But the notion that what these banks are doing is merely the free market at work is a distortion of the truth. These restrictions are an attempt to use banks’ power to circumvent the normal legal and political process. For Congress to stand by and let bankers neutralize the Second Amendment would be a dereliction of duty, not a defense of the free market.
In a recent article in the National Review, Stephanie Keith of Reuters explained that the attitude of some banks toward guns is similar to President Obama’s stance on immigration laws:
If Congress chooses not to act, that gives them license to act on their own.
The primary cheerleader for this movement is New York Times financial columnist Andrew Ross Sorkin.
The writer, who doubles as one of the creators of Billions, the Showtime program about a United States Attorney and a billionaire hedge-fund owner who manipulate, exploit, and violate the law to advance their interests, has been urging the financial industry to put gun manufacturers out of business.
These efforts started with Citicorp saying it would forbid its retail clients — businesses that, for example, receive loans or offer store credit cards — to sell guns to anyone who didn’t pass a background check (which is already the law for licensed gun dealers).
It also barred sales to customers under 21, as well as sales of bump stocks.
Bank of America followed, saying it would no longer lend money to manufacturers of “military style” weapons.
(Bank of America was in a particularly interesting position since it was part of a group refinancing Remington Outdoor, a major manufacturer of assault weapons, as it emerged from bankruptcy.)
BlackRock Funds, the world’s largest asset manager, said it would offer a new investment fund that excluded gun manufacturers and sellers.
In the resulting outcry, part of the problem was that the discussion mixed up two very different issues: the willingness of banks to lend money to weapons manufacturers and the ability of consumers to use credit cards to make purchases.

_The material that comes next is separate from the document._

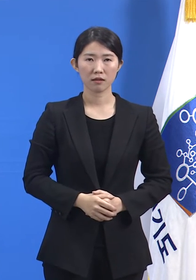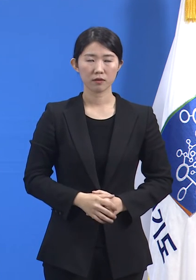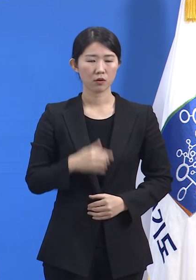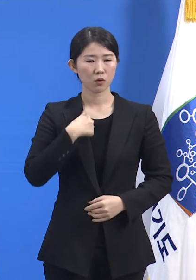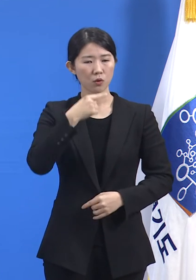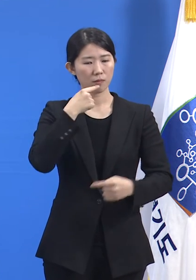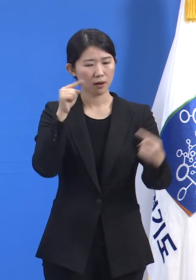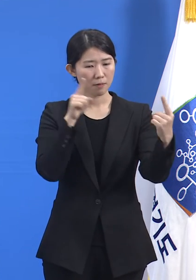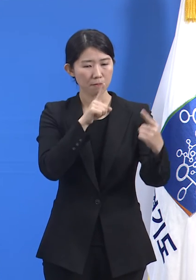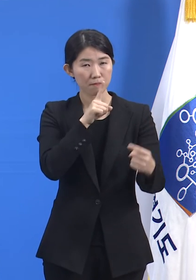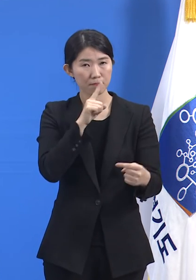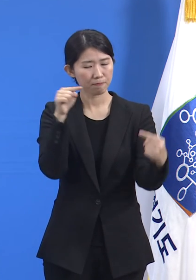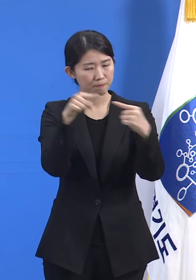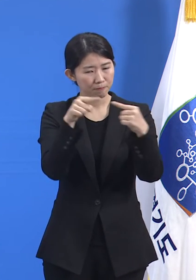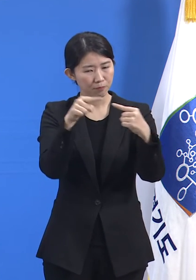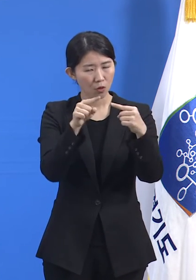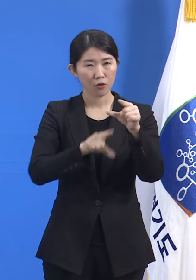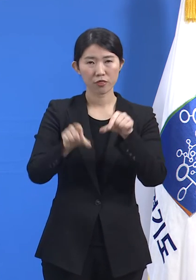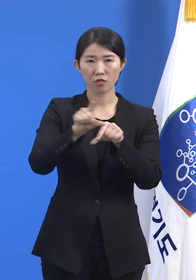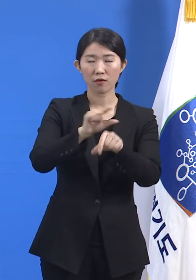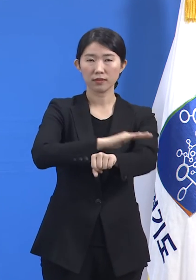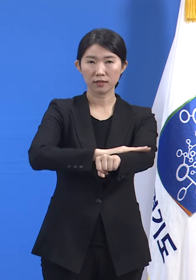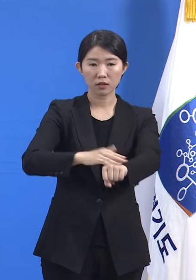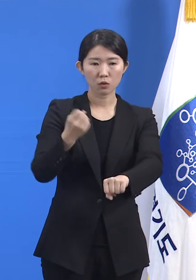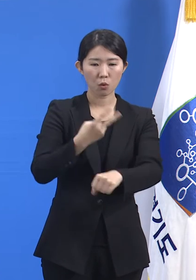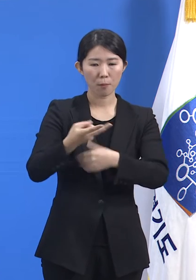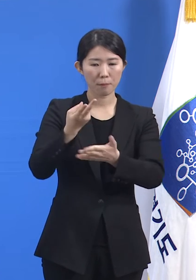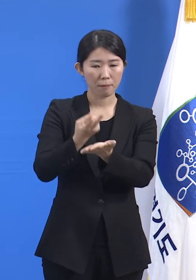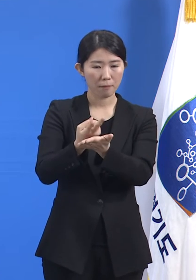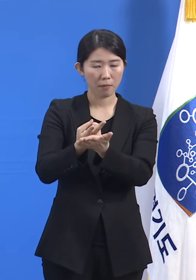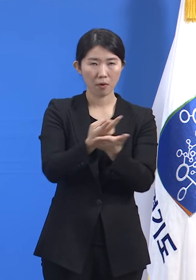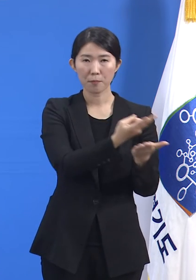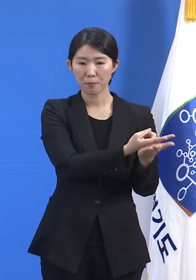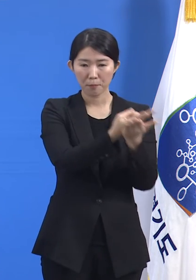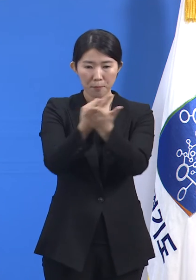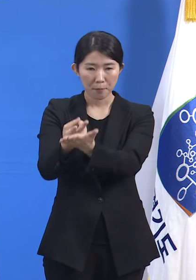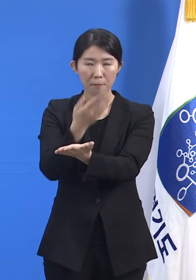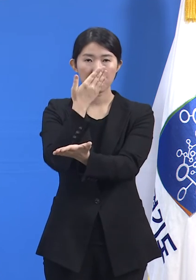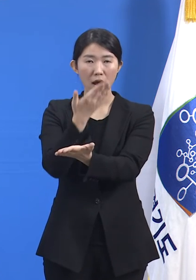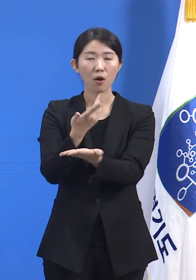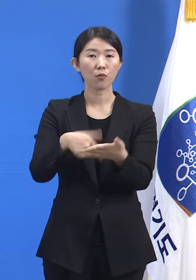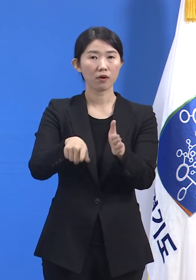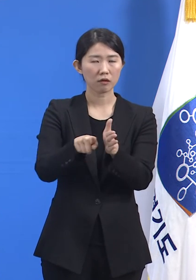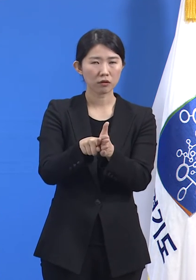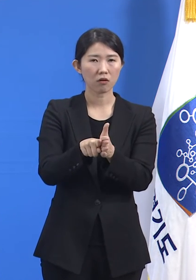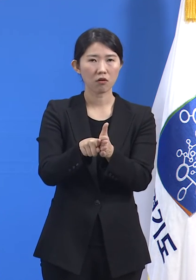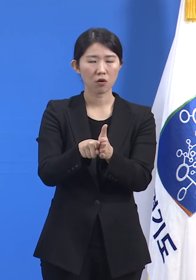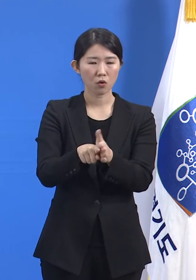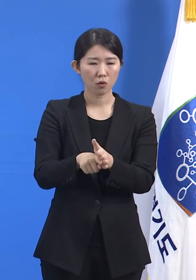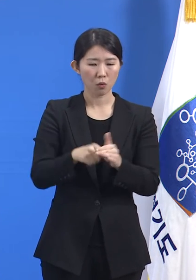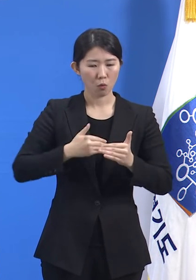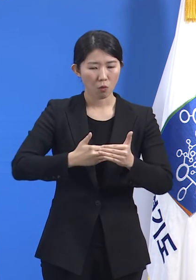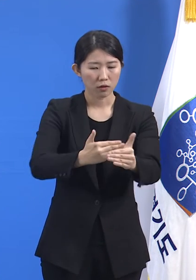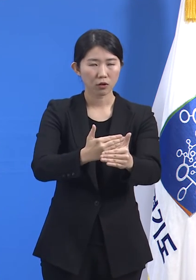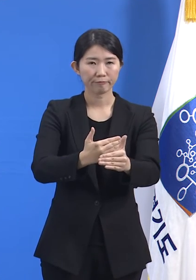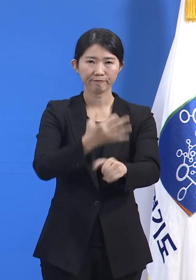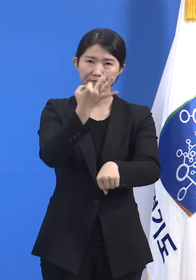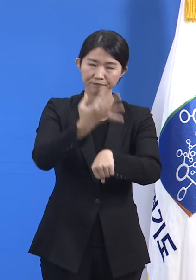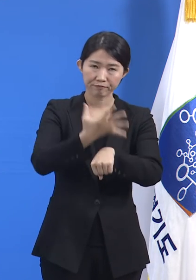강화하면서 병상 배정까지의 과정을 가능한 범위 안에서 간소화하고 효율화하여

While banks’ lending policies can have a devastating impact on the companies denied financing, there is no inherent right to a loan from any bank.

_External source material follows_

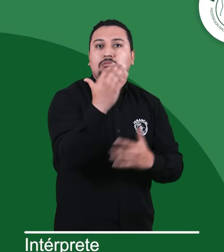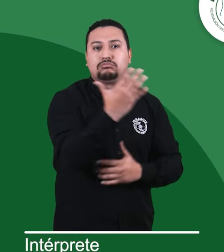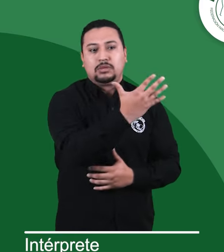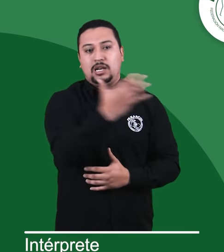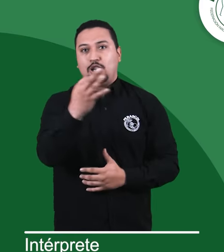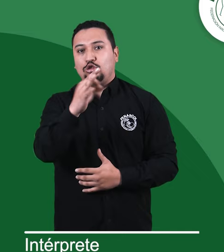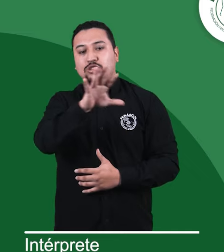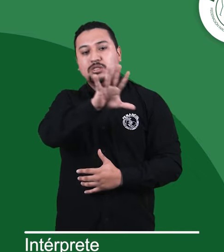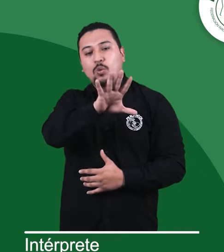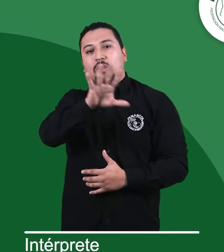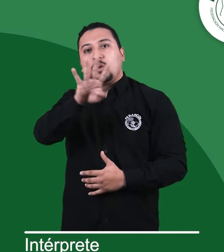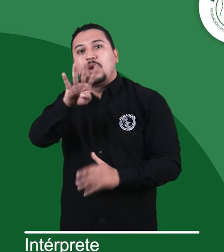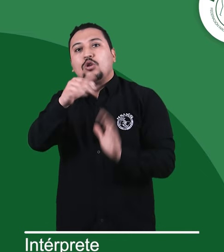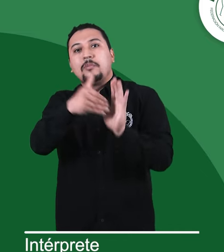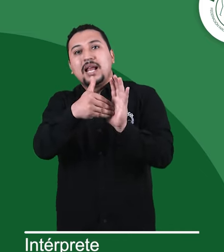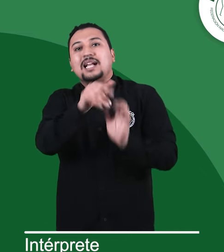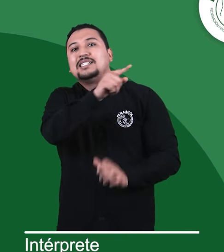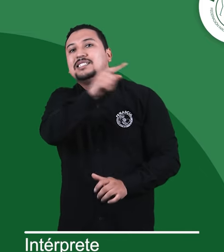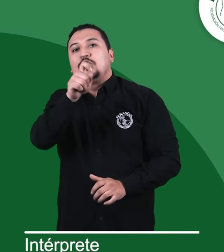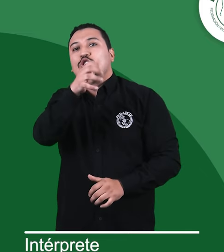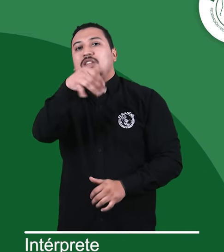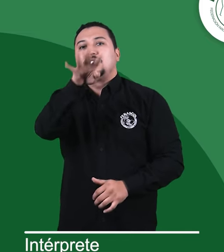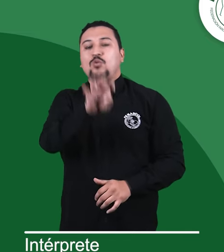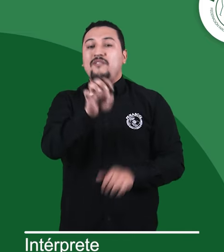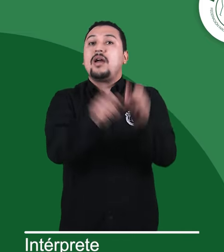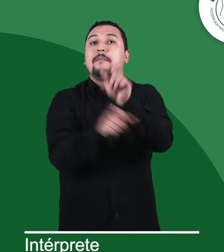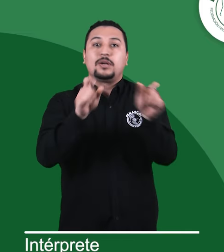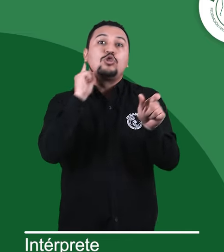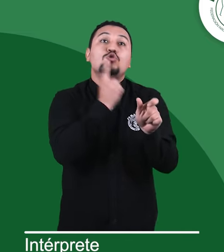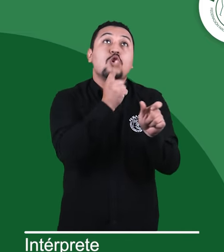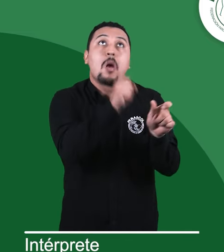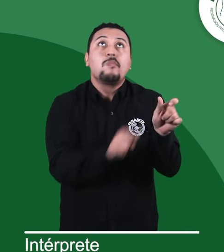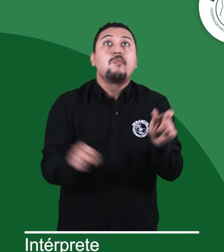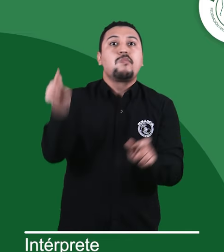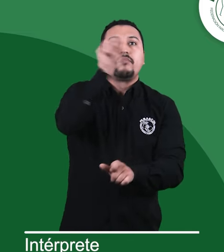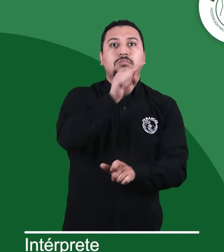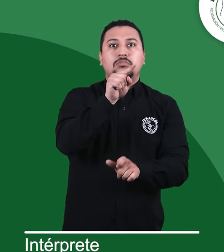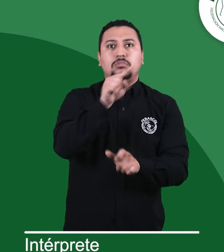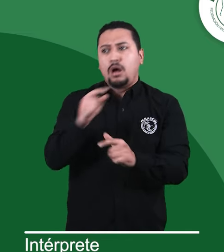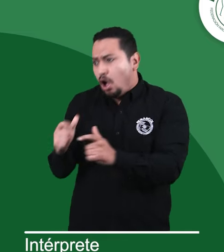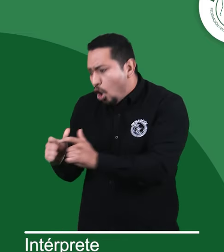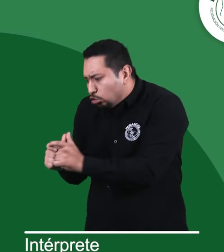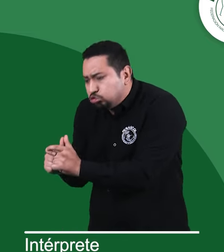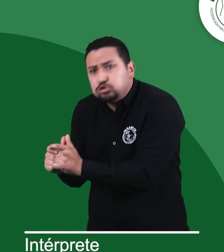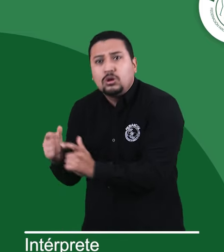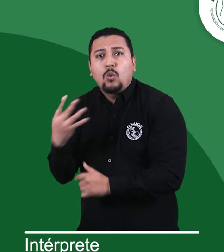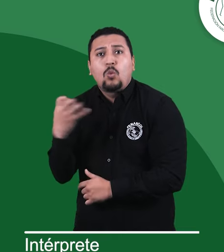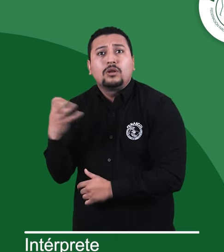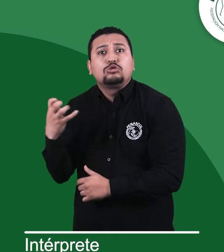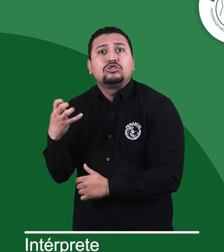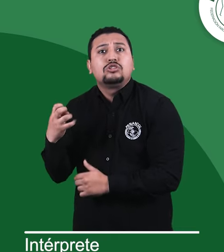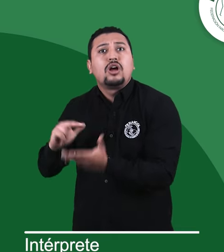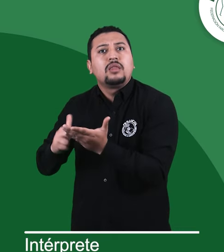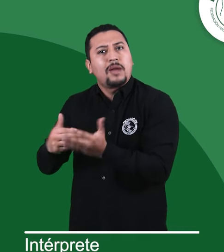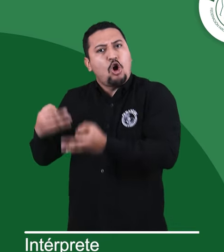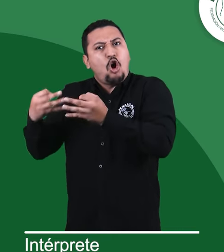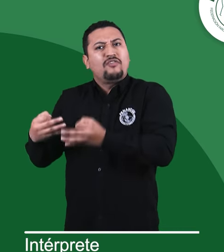existían para esa fecha 154.119 personas sordas, y que solo habían 400

But if the banks use their financial clout, which they maintain under federal oversight, to impose restrictions on companies’ sales practices, that is a significant step toward a bank-imposed gun-control regime — one that could ultimately choke off the right of consumers to purchase legal products.
When so-called socially responsible lending and investing crosses over into ordering companies to stop selling certain products or to curtail sales to certain buyers, banks begin assuming a power that no one voted to give them.
And one needn’t be an alarmist to understand that once financial institutions are allowed to start down this road, they could end up curtailing the rights of businesses and consumers in a way that is incompatible with democracy.
Another way citizens can possibly influence these matters is by selecting ICE and 2A friendly banks to do business with, and voice their opinions one account at a time.